Note that for TX queues indexes ordering are ok. We need to kick entries
that have filled skb, but was not submitted to the hardware, i.e.
strted from Q_INDEX_DONE and have ENTRY_DATA_PENDING bit set.

From practical standpoint this patch fixes AP mode connection hangs.

Signed-off-by Stanislaw Gruszka <sgruszka@redhat.com>
---
drivers/net/wireless/rt2x00/rt2x00usb.c | 2 +-
1 files changed, 1 insertions(+), 1 deletions(-)

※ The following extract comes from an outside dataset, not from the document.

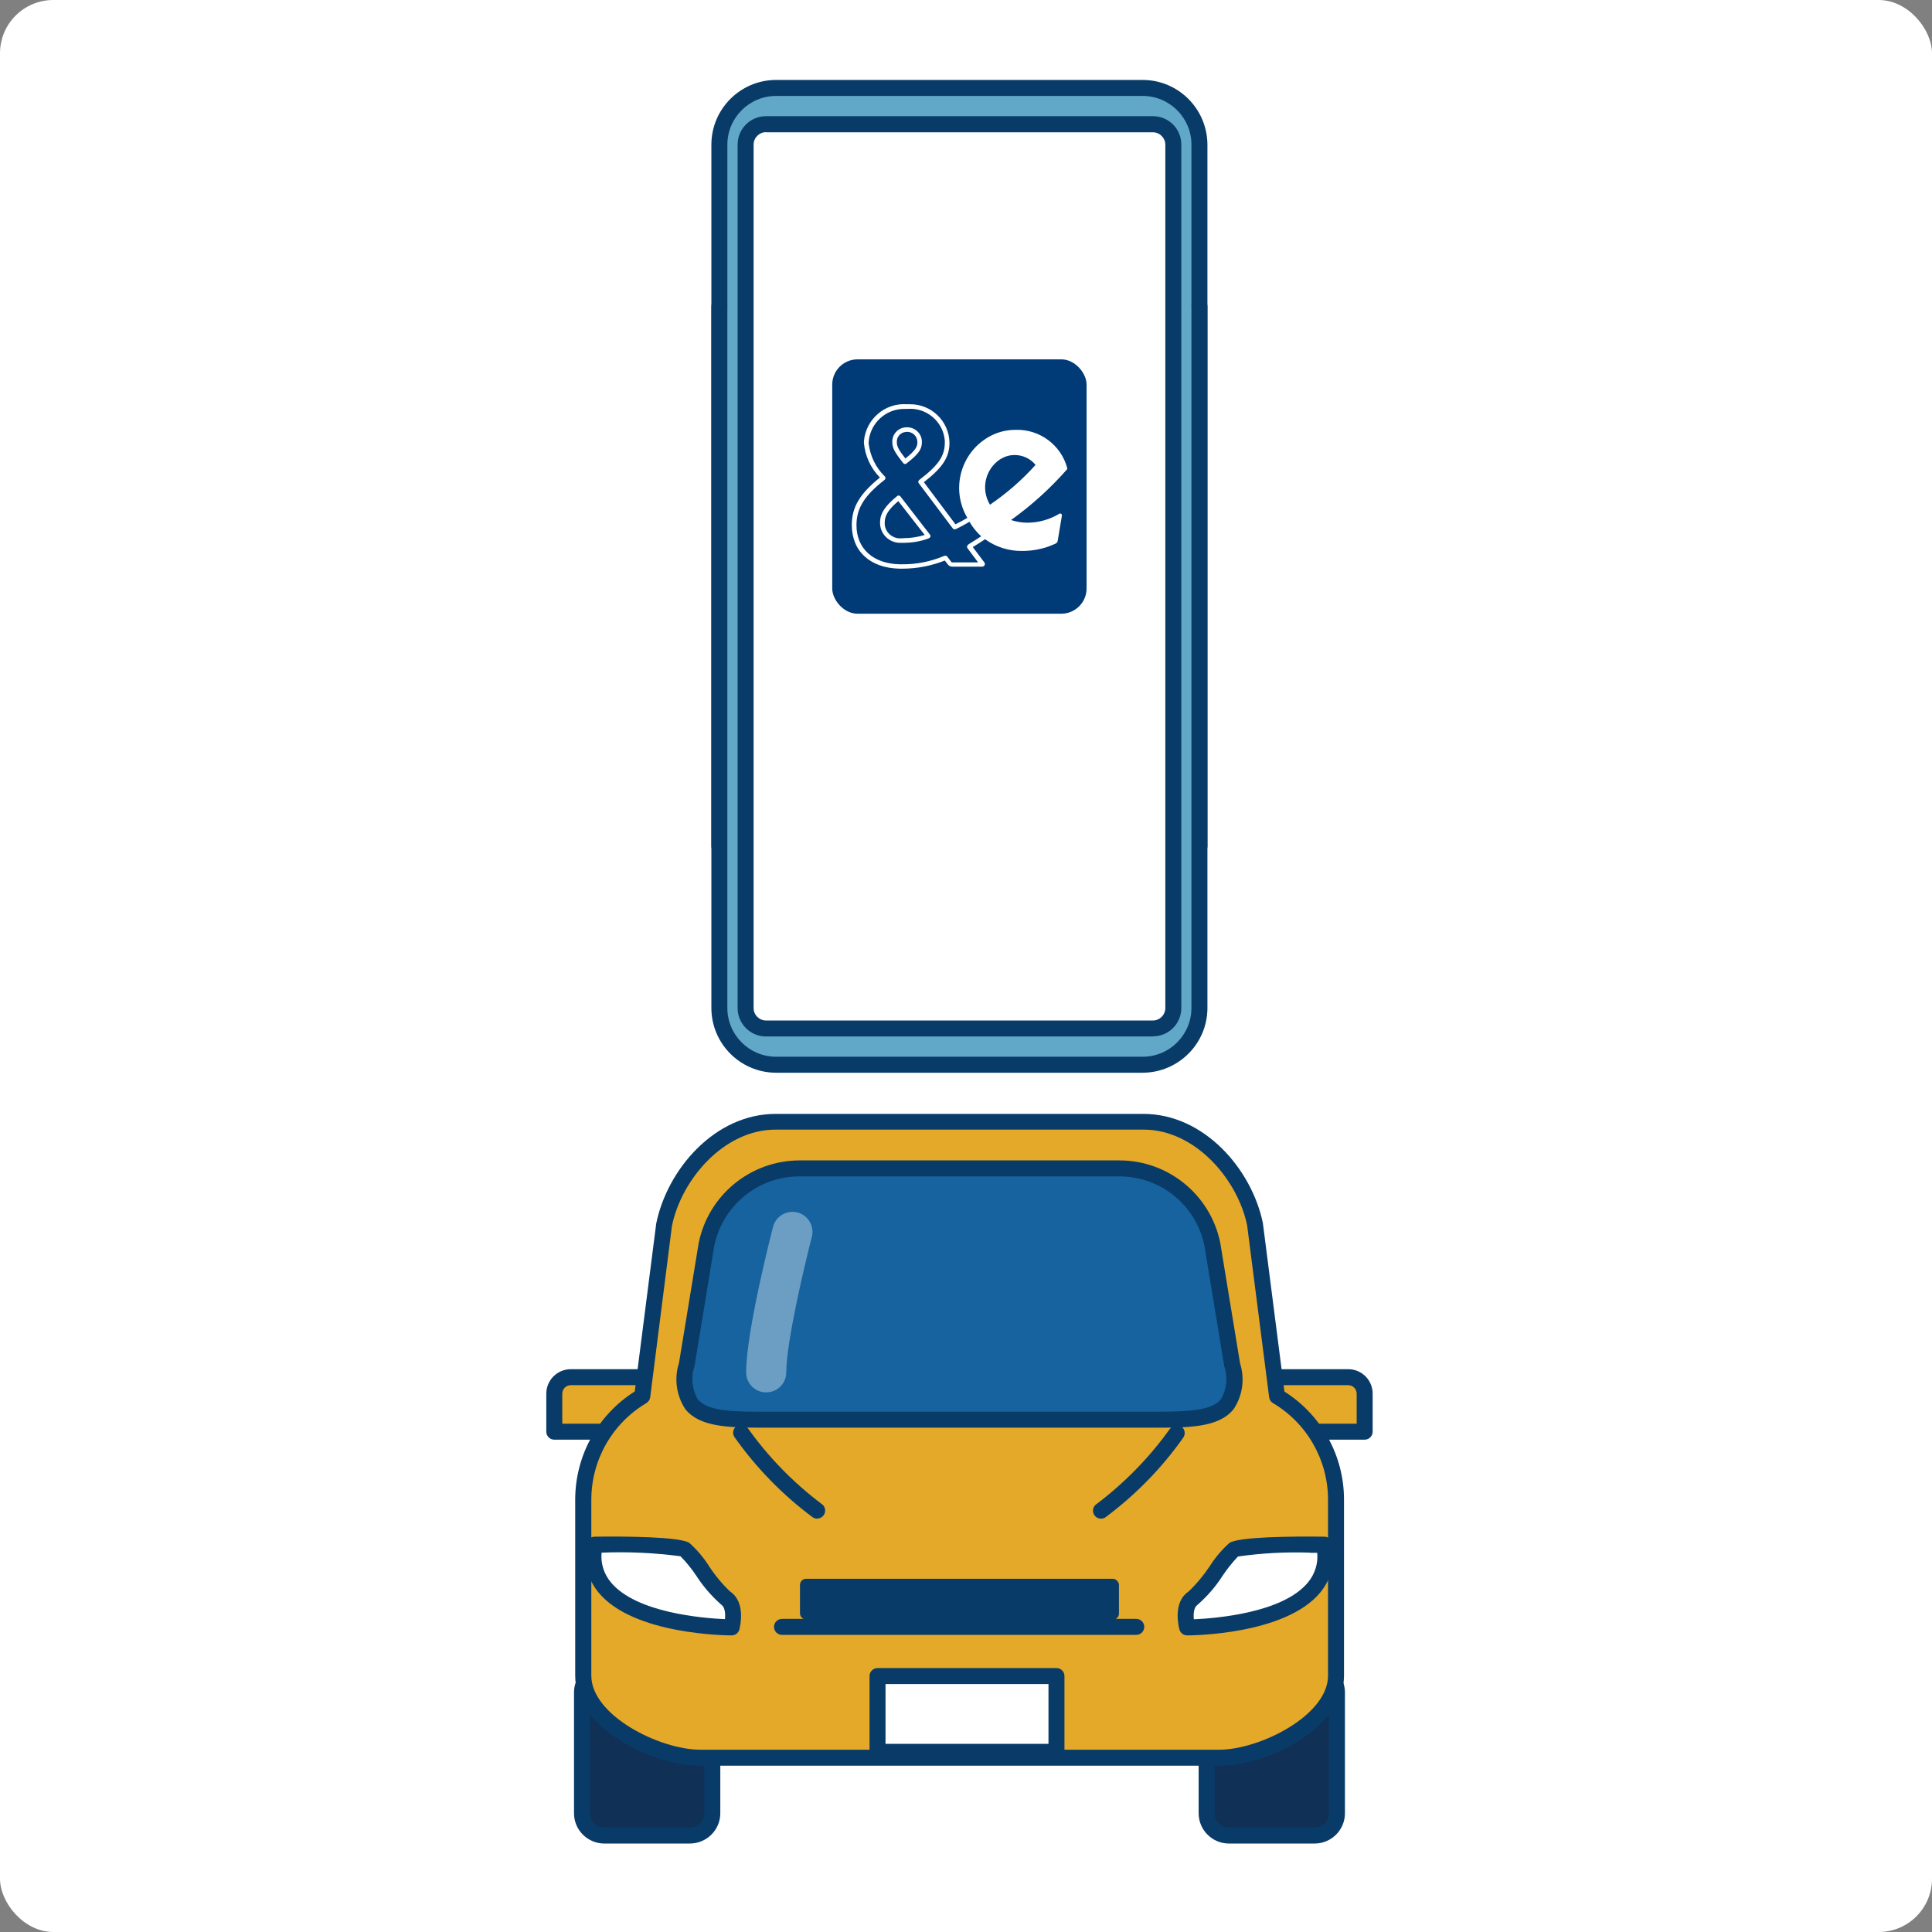 <?xml version="1.0" encoding="UTF-8"?><svg id="_レイヤー_2" xmlns="http://www.w3.org/2000/svg" width="145" height="145" xmlns:xlink="http://www.w3.org/1999/xlink" viewBox="0 0 145 145"><rect x="0" y="0" width="145" height="145" fill="#808080" stroke="none"/><defs><style>.cls-1{fill:#e5a92a;}.cls-2{fill:#fff;}.cls-3{fill:#103056;}.cls-4{clip-path:url(#clippath);}.cls-5{fill:#093b68;}.cls-6{fill:#003a77;}.cls-7{fill:#61a7c7;}.cls-8{fill:#16639f;}.cls-9{fill:#83adcd;isolation:isolate;opacity:.79;}</style><clipPath id="clippath"><rect class="cls-2" width="145" height="145" rx="4" ry="4"/></clipPath></defs><g id="_レイヤー_1-2"><g><rect class="cls-2" width="145" height="145" rx="4" ry="4"/><g class="cls-4"><g><g><path class="cls-7" d="M54,63.51V10.86c0-2.35,1.91-4.26,4.26-4.26h27.51c2.35,0,4.26,1.9,4.26,4.26V63.51"/><path class="cls-5" d="M90.02,64.12c-.33,0-.6-.27-.6-.6h0V10.86c0-2.02-1.64-3.66-3.66-3.66h-27.51c-2.02,0-3.66,1.64-3.66,3.66V63.52c0,.33-.27,.6-.6,.6s-.6-.27-.6-.6V10.86c0-2.68,2.18-4.86,4.86-4.86h27.51c2.68,0,4.85,2.18,4.86,4.86V63.52c0,.33-.27,.6-.6,.6Z"/><g><path class="cls-7" d="M54,23v52.65c0,2.35,1.9,4.26,4.26,4.26h27.51c2.35,0,4.26-1.9,4.26-4.26h0V23"/><path class="cls-5" d="M85.76,80.51h-27.51c-2.68,0-4.86-2.18-4.86-4.86V23c0-.33,.27-.6,.6-.6s.6,.27,.6,.6h0v52.65c0,2.02,1.64,3.66,3.66,3.66h27.51c2.02,0,3.66-1.64,3.66-3.66V23c0-.33,.27-.6,.6-.6s.6,.27,.6,.6h0v52.65c0,2.68-2.18,4.85-4.86,4.86Z"/></g><g><path class="cls-2" d="M86.53,9.33h-29.04c-.84,0-1.53,.68-1.53,1.53h0V75.66c0,.84,.68,1.53,1.53,1.53h29.04c.84,0,1.53-.68,1.53-1.53h0V10.86c0-.84-.68-1.53-1.53-1.53h0Z"/><path class="cls-5" d="M86.53,77.79h-29.04c-1.18,0-2.13-.96-2.13-2.13V10.85c0-1.18,.95-2.13,2.13-2.13h29.04c1.18,0,2.13,.95,2.13,2.13V75.65c0,1.18-.95,2.13-2.13,2.13ZM57.49,9.92c-.51,0-.93,.42-.93,.93V75.66c0,.51,.42,.93,.93,.93h29.04c.51,0,.93-.42,.93-.93V10.86c0-.51-.42-.93-.93-.93h-29.04Z"/></g><g><rect class="cls-6" x="62.46" y="26.97" width="19.09" height="19.09" rx="1.9" ry="1.9"/><g><path class="cls-2" d="M80.07,35.25s.04-.08,.03-.12c-.47-1.74-2.08-2.93-3.88-2.87-.71,0-1.41,.18-2.03,.54-2.11,1.22-2.83,3.92-1.61,6.03,0,.01,.02,.03,.02,.04-.24,.14-.54,.31-.89,.48l-2.37-3.16c1.43-1.12,1.92-1.88,1.92-2.97-.03-1.62-1.37-2.91-3-2.88-.06,0-.12,0-.19,0-1.66-.12-3.1,1.13-3.23,2.79,0,.04,0,.08,0,.12,.09,.98,.51,1.89,1.2,2.59-1.51,1.22-2.11,2.22-2.11,3.56,0,1.97,1.37,3.23,3.57,3.28h.23c1.09,0,2.17-.21,3.18-.61l.24,.31c.08,.09,.19,.15,.31,.15h2.25c.08,0,.15-.04,.19-.11,.03-.07,.02-.16-.03-.22l-.86-1.14c.4-.24,.7-.44,.92-.59,.82,.59,1.8,.9,2.81,.88,.65,0,1.3-.11,1.92-.32,.23-.08,.54-.22,.58-.24,.07-.04,.12-.1,.14-.18l.32-1.92c0-.05-.01-.1-.06-.13-.04-.03-.1-.03-.14,0-.71,.43-1.53,.66-2.37,.67-.43,0-.85-.07-1.25-.2,1.54-1.1,2.95-2.38,4.2-3.8Zm-4.91-.83c.3-.18,.64-.27,.99-.27,.61,0,1.19,.27,1.57,.74-1.01,1.13-2.16,2.13-3.42,2.99-.72-1.19-.35-2.73,.84-3.46,0,0,0,0,.01,0h0Zm-2.47,6.44l-.03,.02s-.07,.07-.08,.12c0,.05,0,.1,.03,.14l.8,1.07h-1.96s-.03-.01-.04-.02l-.32-.42c-.05-.06-.13-.08-.2-.05h-.02c-1,.42-2.07,.64-3.14,.63h-.22c-1.99-.05-3.23-1.18-3.23-2.94,0-1.25,.58-2.2,2.09-3.38l.02-.02c.08-.06,.09-.17,.03-.24,0,0,0,0,0,0l-.02-.02c-.68-.67-1.1-1.54-1.21-2.49,.06-1.48,1.31-2.63,2.79-2.57,.03,0,.07,0,.1,0,1.43-.13,2.7,.93,2.83,2.36,0,.05,0,.11,0,.17,0,.99-.47,1.69-1.88,2.77l-.04,.03s-.06,.07-.07,.11c0,.05,0,.09,.03,.13l2.56,3.4c.05,.07,.14,.09,.21,.05h.02c.35-.17,.69-.35,1.02-.55,.24,.41,.54,.78,.88,1.09-.23,.15-.55,.36-.95,.6h0Z"/><path class="cls-2" d="M67.59,37.26s-.07-.06-.12-.07c-.05,0-.09,0-.13,.04l-.03,.02h0c-.89,.73-1.26,1.29-1.26,1.96-.02,.83,.64,1.51,1.47,1.53,.04,0,.09,0,.13,0h.13c.65,0,1.3-.1,1.91-.33l.04-.02s.09-.06,.1-.11c.02-.05,0-.11-.03-.15l-2.22-2.87Zm.2,3.14h-.13c-.63,.06-1.2-.4-1.26-1.04,0-.05,0-.1,0-.15,0-.53,.3-1,1.02-1.6l1.98,2.54c-.52,.16-1.06,.24-1.6,.24h0Z"/><path class="cls-2" d="M67.79,34.76c.06,.07,.17,.09,.24,.03l.02-.02c.88-.68,1.14-1.05,1.14-1.57,.02-.61-.46-1.11-1.07-1.13-.01,0-.03,0-.04,0-.59-.02-1.09,.44-1.11,1.03,0,.03,0,.07,0,.1,0,.41,.17,.74,.8,1.53l.02,.03Zm.29-2.35c.42,0,.76,.33,.77,.75,0,.01,0,.02,0,.04,0,.33-.14,.61-.9,1.21-.5-.64-.64-.91-.64-1.21-.03-.4,.27-.75,.67-.78,.03,0,.07,0,.1,0h0Z"/></g></g></g><g><g><rect class="cls-3" x="43.68" y="125.35" width="9.78" height="12.41" rx=".84" ry=".84"/><path class="cls-5" d="M51.79,138.36h-6.44c-1.25,0-2.27-1.02-2.27-2.27v-9.07c0-1.25,1.02-2.27,2.27-2.27h6.44c1.25,0,2.27,1.02,2.27,2.27v9.07c0,1.25-1.02,2.26-2.27,2.27Zm-6.44-12.41c-.59,0-1.07,.48-1.07,1.07v9.07c0,.59,.48,1.07,1.07,1.07h6.44c.59,0,1.07-.48,1.07-1.07v-9.07c0-.59-.48-1.07-1.07-1.07h-6.44Z"/><g><rect class="cls-3" x="90.56" y="125.35" width="9.78" height="12.41" rx=".84" ry=".84"/><path class="cls-5" d="M98.67,138.36h-6.44c-1.25,0-2.27-1.02-2.27-2.27v-9.07c0-1.25,1.02-2.27,2.27-2.27h6.44c1.25,0,2.27,1.02,2.27,2.27v9.07c0,1.25-1.02,2.27-2.27,2.27Zm-6.44-12.41c-.59,0-1.07,.48-1.07,1.07v9.07c0,.59,.48,1.07,1.07,1.07h6.44c.59,0,1.07-.48,1.07-1.07v-9.07c0-.59-.48-1.07-1.07-1.07h-6.44Z"/></g></g><g><path class="cls-1" d="M42.22,103.36h6.24v4.09h-6.86v-3.47c0-.34,.28-.62,.62-.62Z"/><path class="cls-5" d="M48.46,108.05h-6.86c-.33,0-.6-.27-.6-.6h0v-2.85c0-1.01,.82-1.84,1.84-1.84h5.62c.33,0,.6,.27,.6,.6h0v4.09c0,.33-.27,.6-.6,.6Zm-6.26-1.2h5.66v-2.89h-5.02c-.35,0-.64,.28-.64,.64h0v2.25Z"/><g><path class="cls-1" d="M102.42,107.45h-6.86v-4.09h6.24c.34,0,.62,.28,.62,.62,0,0,0,0,0,0v3.47h0Z"/><path class="cls-5" d="M102.42,108.05h-6.86c-.33,0-.6-.27-.6-.6h0v-4.09c0-.33,.27-.6,.6-.6h5.63c1.01,0,1.83,.82,1.83,1.84v2.85c0,.33-.27,.6-.6,.6Zm-6.26-1.2h5.66v-2.25c0-.35-.28-.64-.64-.64h-5.03v2.89Z"/></g></g><g><path class="cls-1" d="M95.83,104.78l-1.64-12.89c-.81-3.98-4.31-7.71-8.37-7.71h-27.62c-4.06,0-7.56,3.73-8.37,7.71l-1.64,12.89c-2.74,1.63-4.43,4.58-4.43,7.77v13.21c0,3.4,5.4,6.15,8.79,6.15h38.91c3.4,0,8.79-2.76,8.79-6.15v-13.21c0-3.19-1.69-6.14-4.43-7.77Z"/><path class="cls-5" d="M91.47,132.52H52.56c-3.7,0-9.39-2.9-9.39-6.75v-13.21c0-3.3,1.68-6.37,4.47-8.13l1.61-12.6c.83-4.07,4.4-8.23,8.96-8.23h27.61c4.56,0,8.13,4.16,8.96,8.19l1.62,12.65c2.79,1.76,4.48,4.84,4.47,8.13v13.21c0,3.85-5.7,6.75-9.39,6.75Zm-33.26-47.74c-3.89,0-7.07,3.75-7.78,7.23l-1.63,12.85c-.02,.18-.13,.34-.28,.44-2.57,1.52-4.14,4.28-4.14,7.26v13.21c0,2.96,5.11,5.55,8.19,5.55h38.91c3.09,0,8.19-2.59,8.19-5.55v-13.21c0-2.98-1.57-5.74-4.14-7.26-.16-.1-.26-.26-.28-.44l-1.65-12.89c-.7-3.43-3.88-7.19-7.77-7.19h-27.61Z"/><g><path class="cls-8" d="M85.52,106.54h-27.01c-4.5,0-7.86,.27-6.96-4.14l1.49-9.04c.68-3.31,3.59-5.69,6.96-5.69h24.03c3.38,0,6.29,2.38,6.96,5.69l1.49,9.04c.9,4.41-2.47,4.14-6.96,4.14Z"/><path class="cls-5" d="M57.07,107.15c-2.56,0-4.58-.1-5.62-1.37-.69-1.03-.87-2.31-.49-3.49l1.48-9.01c.73-3.59,3.89-6.18,7.56-6.19h24.03c3.66,.01,6.81,2.58,7.55,6.17l1.49,9.06c.37,1.17,.19,2.45-.5,3.46-1.14,1.39-3.41,1.38-6.33,1.37h-29.17Zm2.92-18.86c-3.09,0-5.75,2.18-6.38,5.2l-1.48,9.02c-.29,.83-.2,1.75,.24,2.51,.78,.95,2.9,.94,5.39,.93h28.48c2.49,0,4.62,.02,5.39-.93,.44-.75,.53-1.66,.25-2.49l-1.49-9.06c-.63-3.02-3.29-5.18-6.37-5.18h-24.03Z"/></g><g><rect class="cls-2" x="65.86" y="125.79" width="13.43" height="5.69"/><path class="cls-5" d="M79.29,132.08h-13.43c-.33,0-.6-.27-.6-.6h0v-5.69c0-.33,.27-.6,.6-.6h13.43c.33,0,.6,.27,.6,.6h0v5.69c0,.33-.27,.6-.6,.6h0Zm-12.83-1.2h12.23v-4.49h-12.23v4.49Z"/></g><g><path class="cls-2" d="M55.65,107.54c1.58,2.23,3.5,4.2,5.69,5.84"/><path class="cls-5" d="M61.33,113.98c-.12,0-.23-.04-.33-.1-2.26-1.68-4.23-3.7-5.86-6-.2-.27-.14-.64,.13-.84,.27-.2,.64-.14,.84,.13,0,0,.01,.01,.02,.02,1.54,2.17,3.41,4.08,5.53,5.68,.28,.18,.35,.56,.17,.83-.11,.17-.3,.27-.5,.27h0Z"/></g><g><path class="cls-2" d="M88.33,107.54c-1.58,2.23-3.5,4.2-5.69,5.84"/><path class="cls-5" d="M82.63,113.98c-.33,0-.6-.27-.6-.6,0-.2,.1-.39,.27-.5,2.12-1.6,3.99-3.52,5.53-5.68,.2-.27,.57-.32,.84-.13,.26,.19,.32,.55,.14,.82-1.62,2.3-3.6,4.32-5.86,6-.1,.06-.21,.09-.33,.09Z"/></g><path class="cls-5" d="M85.28,122.7h-26.59c-.33,0-.6-.27-.6-.6,0-.33,.27-.6,.6-.6h26.59c.33,0,.6,.27,.6,.6,0,.33-.27,.6-.6,.6h0Z"/></g><g><g><path class="cls-2" d="M44.63,115.93s6.13-.07,6.79,.36,2.19,3.07,3.07,3.65,.44,2.19,.44,2.19c0,0-11.46,0-10.29-6.2Z"/><path class="cls-5" d="M54.92,122.74c-.3,0-7.36-.03-9.99-3.21-.86-1.03-1.19-2.4-.9-3.71,.05-.28,.3-.48,.58-.49,2.36-.03,6.42,0,7.13,.47,.57,.51,1.07,1.1,1.48,1.75,.45,.69,.98,1.33,1.58,1.9,1.2,.8,.74,2.64,.69,2.85-.07,.26-.31,.44-.58,.44Zm-9.77-6.21c-.08,.81,.18,1.61,.7,2.23,1.91,2.3,6.95,2.69,8.56,2.76,.04-.41,0-.9-.27-1.08-.73-.64-1.37-1.38-1.89-2.19-.35-.52-.74-1.01-1.18-1.45-1.96-.26-3.95-.35-5.93-.27h0Z"/></g><g><path class="cls-2" d="M99.39,115.93s-6.13-.07-6.79,.36-2.19,3.07-3.07,3.65-.44,2.19-.44,2.19c0,0,11.46,0,10.29-6.2Z"/><path class="cls-5" d="M89.1,122.74c-.27,0-.51-.18-.58-.44-.06-.21-.52-2.05,.68-2.85,.6-.57,1.13-1.21,1.59-1.9,.41-.65,.91-1.24,1.48-1.75,.7-.47,4.77-.5,7.13-.47,.29,0,.53,.21,.58,.49,.29,1.31-.04,2.68-.9,3.71-2.63,3.17-9.68,3.21-9.98,3.21Zm9.22-6.21c-1.81-.06-3.62,.03-5.41,.29-.42,.45-.81,.93-1.15,1.44-.52,.82-1.16,1.55-1.89,2.19-.27,.18-.31,.67-.27,1.08,1.61-.07,6.66-.46,8.56-2.76,.52-.62,.78-1.43,.7-2.23-.18,0-.36,0-.54,0h0Z"/></g></g><rect class="cls-5" x="60.04" y="118.49" width="23.94" height="3.07" rx=".46" ry=".46"/><path class="cls-9" d="M57.5,104.5c-.83,0-1.5-.67-1.5-1.5,0-3.07,1.91-10.52,2-10.84,.16-.81,.95-1.34,1.77-1.18,.81,.16,1.34,.95,1.18,1.77-.01,.05-.02,.11-.04,.16-.53,2.05-1.9,7.85-1.9,10.09,0,.83-.67,1.5-1.5,1.5Z"/></g></g></g></g></g></svg>

diff --git a/drivers/net/wireless/rt2x00/rt2x00usb.c b/drivers/net/wireless/rt2x00/rt2x00usb.c
index d357d1e..74ecc33 100644
--- a/drivers/net/wireless/rt2x00/rt2x00usb.c
+++ b/drivers/net/wireless/rt2x00/rt2x00usb.c
@@ -436,8 +436,8 @@ void rt2x00usb_kick_queue(struct data_queue *queue)
case QID_RX
if (!rt2x00queue_full(queue))
rt2x00queue_for_each_entry(queue,
- Q_INDEX_DONE,
Q_INDEX,
+ Q_INDEX_DONE,
NULL,
rt2x00usb_kick_rx_entry);
break;[/quote29o1kqwx]

Kamaran

17-09-2014 06:36:18

Hi there!
this phenomena happened because of many reasons as noranuko mentioned before so I motivate noranuko's comment and idea and I personally agree with him and with his thoughts.Thanks for the post and thanks for noranuko for such a good answer.